Edit: here's a NYT article from 2 years ago about how ISIS was basically a culmination of the decentralization of Al Qaeda.

http://www.nytimes.com/2014/01/26/sunday-review/the-franchising-of-al-qaeda.html

No, I was solely referring to ISIS when we ramped up our bombing campaign. We destroyed much of AQ's leadership back right after 9/11.

Southpaw2012
03-23-2016, 10:29 AM
To be fair, a lot of so-called Christians tend to ignore the actual red words in the bible and focus more on the teachings of Paul, not Jesus. They also tend to cherry pick parts of the Old Testament that supports their personal biases. Southern Baptists are notorious for this as are lots of other protestant sects. Catholics basically came up with their own mythology and de facto idol worship (call it veneration all you want, its more idolatry than anything). If all Christians actually followed the teachings and examples of Christ in the Gospels, the world would be a much different place.

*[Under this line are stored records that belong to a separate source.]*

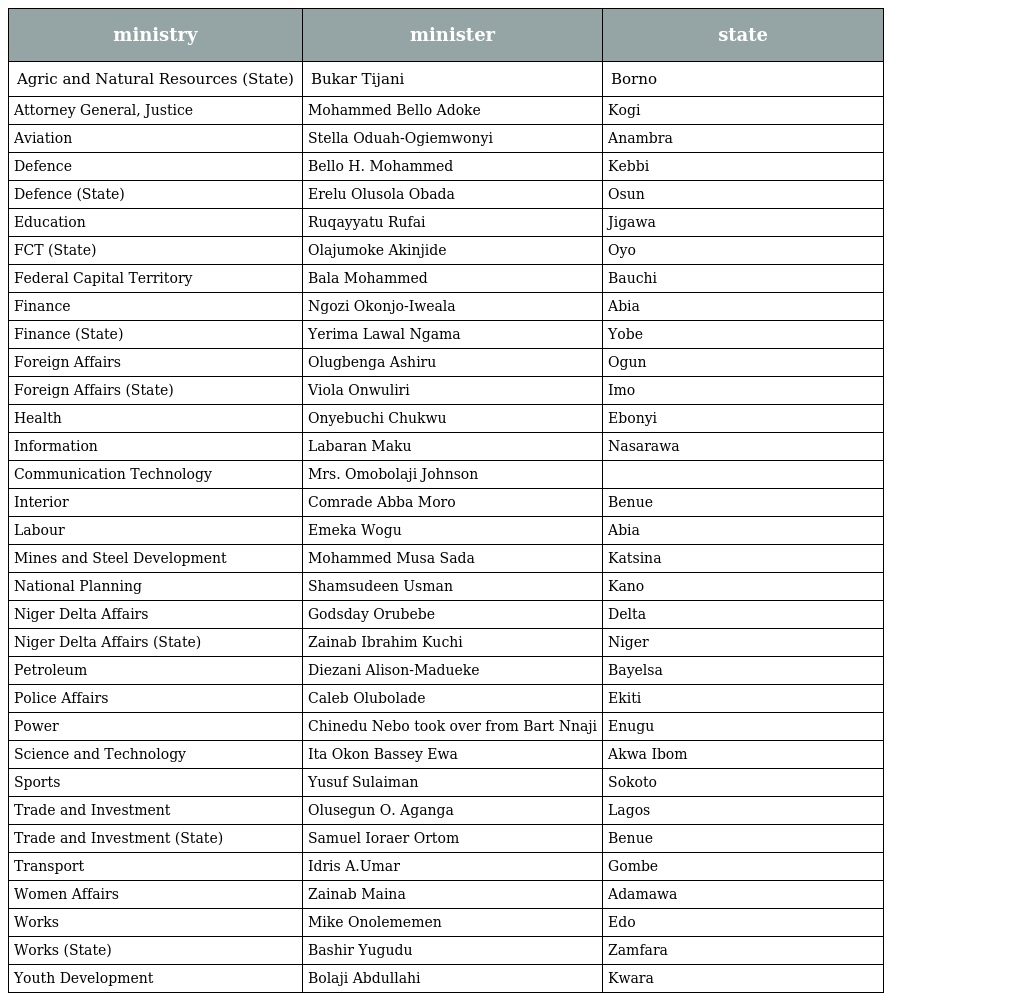
| ministry | minister | state |
 | --- | --- | --- |
 | Agric and Natural Resources (State) | Bukar Tijani | Borno |
 | Attorney General, Justice | Mohammed Bello Adoke | Kogi |
 | Aviation | Stella Oduah-Ogiemwonyi | Anambra |
 | Defence | Bello H. Mohammed | Kebbi |
 | Defence (State) | Erelu Olusola Obada | Osun |
 | Education | Ruqayyatu Rufai | Jigawa |
 | FCT (State) | Olajumoke Akinjide | Oyo |
 | Federal Capital Territory | Bala Mohammed | Bauchi |
 | Finance | Ngozi Okonjo-Iweala | Abia |
 | Finance (State) | Yerima Lawal Ngama | Yobe |
 | Foreign Affairs | Olugbenga Ashiru | Ogun |
 | Foreign Affairs (State) | Viola Onwuliri | Imo |
 | Health | Onyebuchi Chukwu | Ebonyi |
 | Information | Labaran Maku | Nasarawa |
 | Communication Technology | Mrs. Omobolaji Johnson |  |
 | Interior | Comrade Abba Moro | Benue |
 | Labour | Emeka Wogu | Abia |
 | Mines and Steel Development | Mohammed Musa Sada | Katsina |
 | National Planning | Shamsudeen Usman | Kano |
 | Niger Delta Affairs | Godsday Orubebe | Delta |
 | Niger Delta Affairs (State) | Zainab Ibrahim Kuchi | Niger |
 | Petroleum | Diezani Alison-Madueke | Bayelsa |
 | Police Affairs | Caleb Olubolade | Ekiti |
 | Power | Chinedu Nebo took over from Bart Nnaji | Enugu |
 | Science and Technology | Ita Okon Bassey Ewa | Akwa Ibom |
 | Sports | Yusuf Sulaiman | Sokoto |
 | Trade and Investment | Olusegun O. Aganga | Lagos |
 | Trade and Investment (State) | Samuel Ioraer Ortom | Benue |
 | Transport | Idris A.Umar | Gombe |
 | Women Affairs | Zainab Maina | Adamawa |
 | Works | Mike Onolememen | Edo |
 | Works (State) | Bashir Yugudu | Zamfara |
 | Youth Development | Bolaji Abdullahi | Kwara |

I think you make a false assumption when you think many of the board members here are not intimately familiar with Christian teachings and the religion itself.


You're right, the world would be a much better place if people followed the Christian teachings as they are meant to be followed. And that's the key difference between Christianity and Islam. ISIS, in particular, iis successfully following the key teachings of Islam, and that is what is causing the terror. If people were following Jesus's teachings to the core, it wouldn't lead them to blow up mosques or conquer the ME.

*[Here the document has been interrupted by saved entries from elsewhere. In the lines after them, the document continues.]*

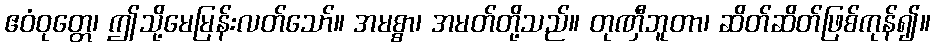
ဧဝံဝုတ္တေ၊ ဤသို့မေမြန်းလတ်သော်။ အမစ္စာ၊ အမတ်တို့သည်။ တုဏှီဘူတာ၊ ဆိတ်ဆိတ်ဖြစ်ကုန်၍။
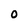
Character: 0
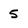
Character: 5
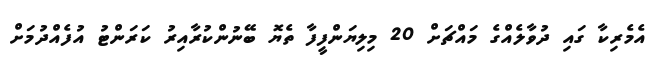
އެމެރިކާ ގައި ދުވާލެއްގެ މައްޗަށް 20 މިލިޔަންފީފާ ތެޔޮ ބޭނުންކުރާއިރު ކަރަންޓު އުފެއްދުމަށް
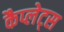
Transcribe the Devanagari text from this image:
कैप्लेट्स
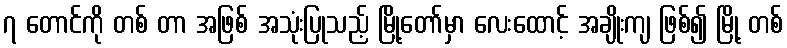
၇ တောင်ကို တစ် တာ အဖြစ် အသုံးပြုသည့် မြို့တော်မှာ လေးထောင့် အချိုးကျ ဖြစ်၍ မြို့ တစ်
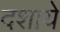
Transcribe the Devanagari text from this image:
दशाये
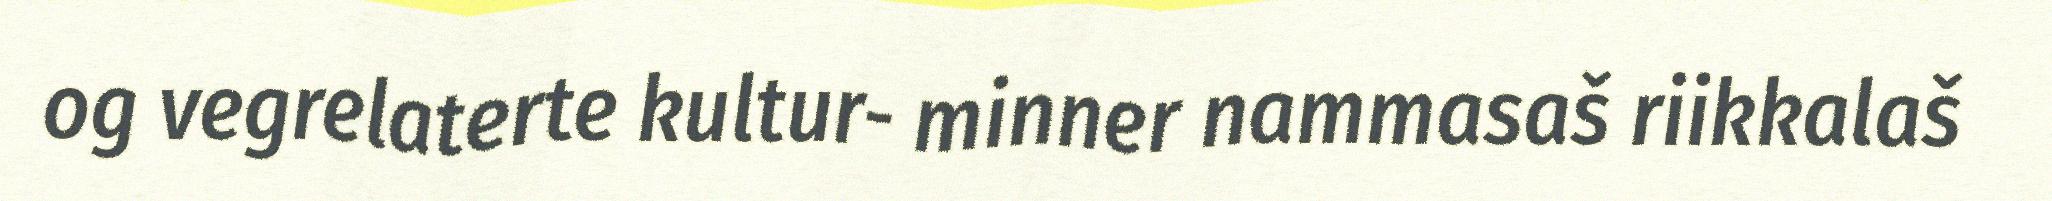
og vegrelaterte kultur- minner nammasaš riikkalaš
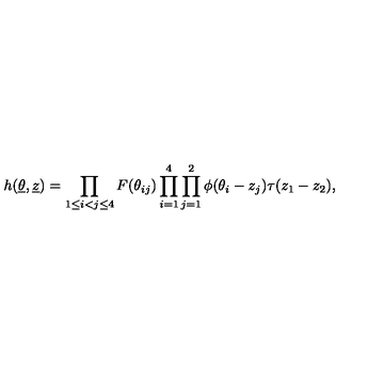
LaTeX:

In no way am I calling Christians perfect. What I am saying is that to say Christianity and Islam the same is both inaccurate and dangerous, because they are not.

It always amazes me that liberals viciously attack Christian bakers and florists for refusing to provide homosexuals with their desired product, claiming that Christians are homophobic, but then turn a blind eye to violence the Islam calls for. I'm not saying you all have done that, but the Democratic Party is guilty of this. Whether or not you agree with religious liberty, denying a product because of the belief that same-sex marriage is wrong and blowing up 300 people are completely different things on completely different levels.

Southpaw2012
03-23-2016, 10:34 AM
Ill say this nicely, Southpaw. You make the mistake of comparing "legitimate" Christians with "illegitimate" Muslims. You disavow all violent, dominant Christians - and the scripture they use to justify their violence - as illegitimate. As you should. However, you do not afford Islam the same latitude.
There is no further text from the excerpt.